Given that $y = \frac{1}{{1 - x}}$, use mathematical induction to prove that $\frac{{{{\text{d}}^n}y}}{{{\text{d}}{x^n}}} = \frac{{n!}}{{{{(1 - x)}^{n + 1}}}},{\text{ }}n \in {\mathbb{Z}^ + }$.

proposition is true for n = 1 since $\frac{{{\text{d}}y}}{{{\text{d}}x}} = \frac{1}{{{{(1 - x)}^2}}}$     M1

$= \frac{{1!}}{{{{(1 - x)}^2}}}$     A1

Note: Must see the 1! for the A1.

assume true for n = k, $k \in {\mathbb{Z}^ + }$, i.e. $\frac{{{{\text{d}}^k}y}}{{{\text{d}}{x^k}}} = \frac{{k!}}{{{{(1 - x)}^{k + 1}}}}$     M1

consider $\frac{{{{\text{d}}^{k + 1}}y}}{{{\text{d}}{x^{k + 1}}}} = \frac{{{\text{d}}\left( {\frac{{{{\text{d}}^k}y}}{{{\text{d}}{x^k}}}} \right)}}{{{\text{d}}x}}$     (M1)
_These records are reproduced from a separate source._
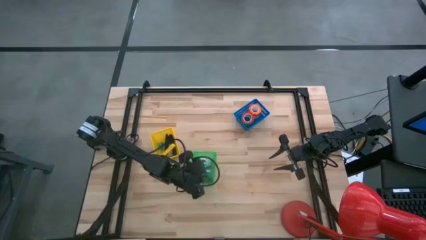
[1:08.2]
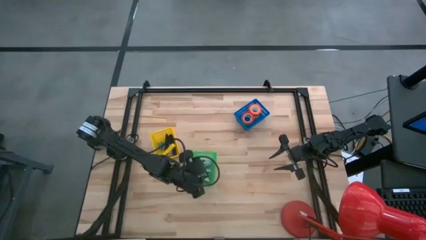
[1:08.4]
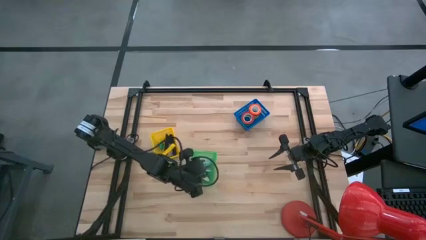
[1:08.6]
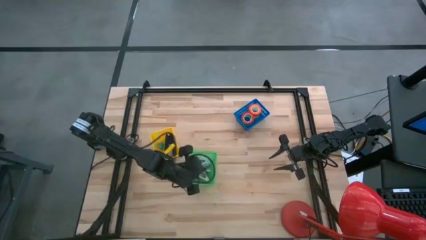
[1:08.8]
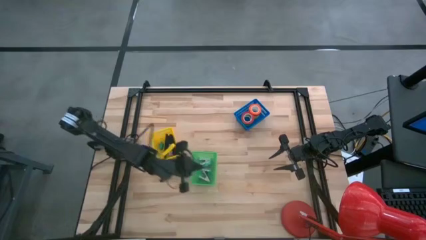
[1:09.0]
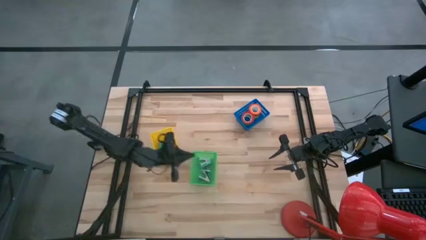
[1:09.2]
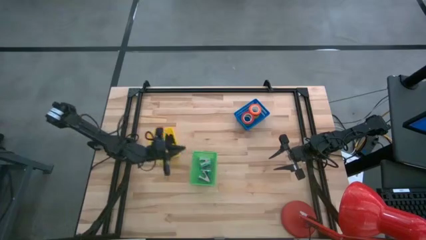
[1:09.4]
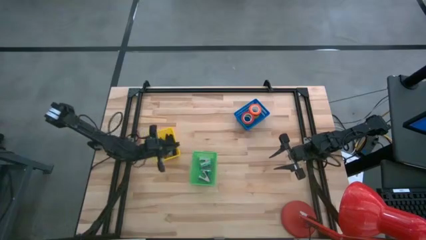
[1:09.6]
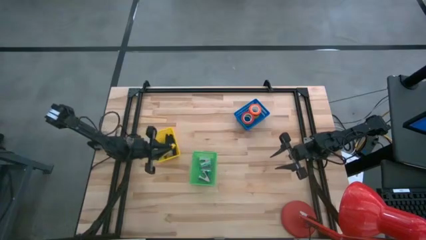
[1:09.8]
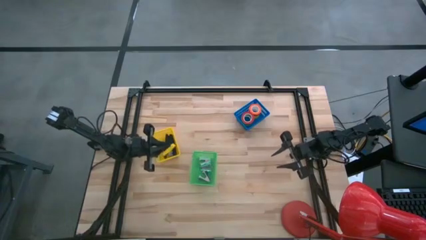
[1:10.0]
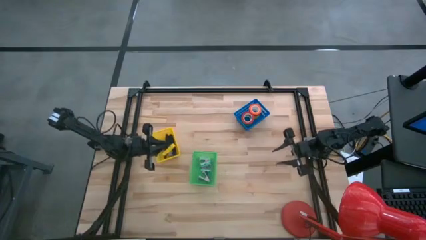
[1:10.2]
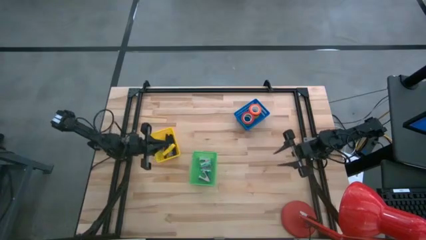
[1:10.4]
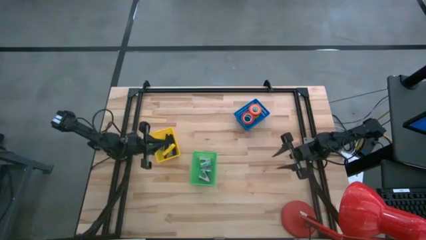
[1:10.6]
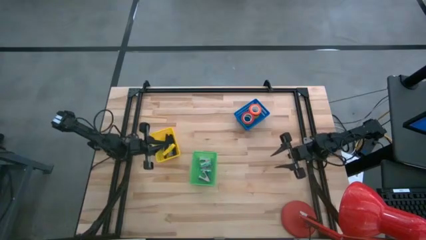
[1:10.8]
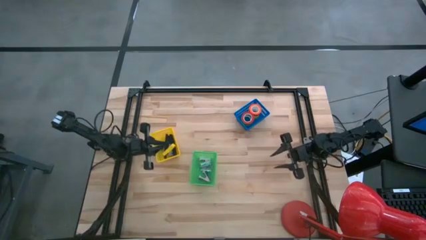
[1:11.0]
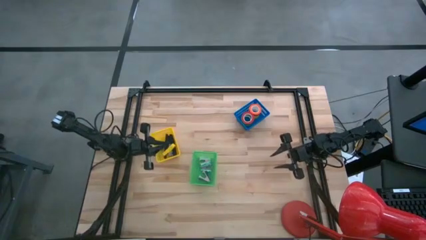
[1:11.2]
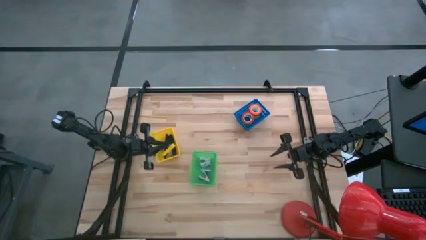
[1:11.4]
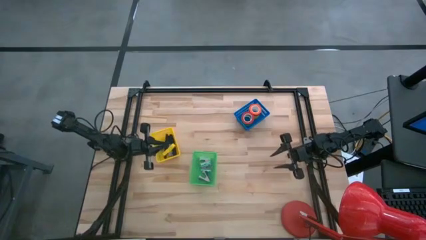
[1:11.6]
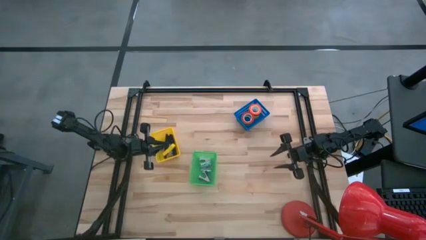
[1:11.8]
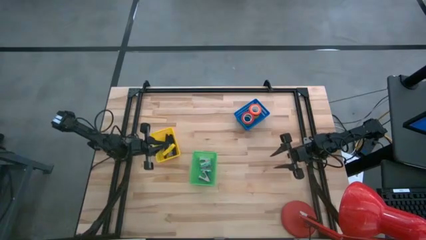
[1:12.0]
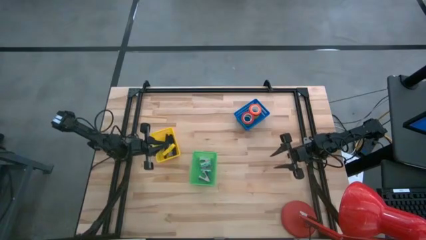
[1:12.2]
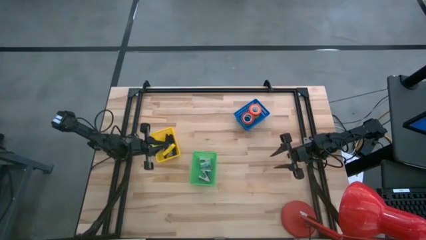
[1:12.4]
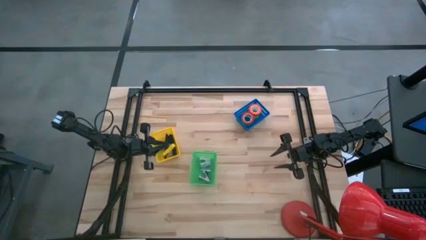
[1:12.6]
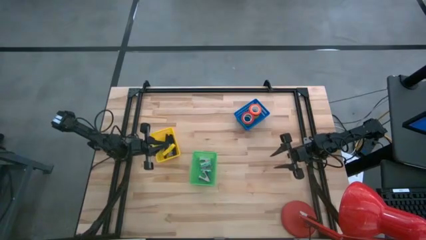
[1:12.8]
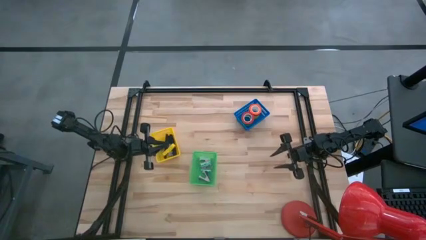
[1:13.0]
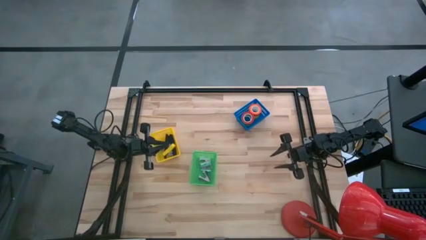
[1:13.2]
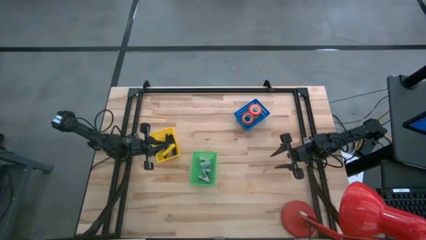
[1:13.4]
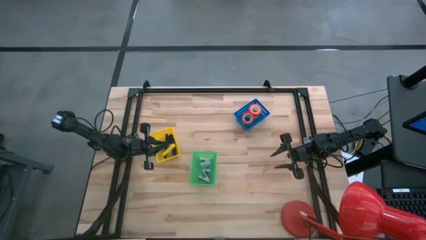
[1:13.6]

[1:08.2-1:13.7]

$= (k + 1)k!{(1 - x)^{ - (k + 1) - 1}}$     A1

$= \frac{{(k + 1)!}}{{{{(1 - x)}^{k + 2}}}}$     A1

hence, ${{\text{P}}_{k + 1}}$ is true whenever ${{\text{P}}_{k}}$ is true, and ${{\text{P}}_1}$ is true, and therefore the proposition is true for all positive integers     R1

Note: The final R1 is only available if at least 4 of the previous marks have been awarded.

[7 marks]

Most candidates were awarded good marks for this question. A disappointing minority thought that the $(k + 1)$th derivative was the $(k)$th derivative multiplied by the first derivative. Providing an acceptable final statement remains a perennial issue.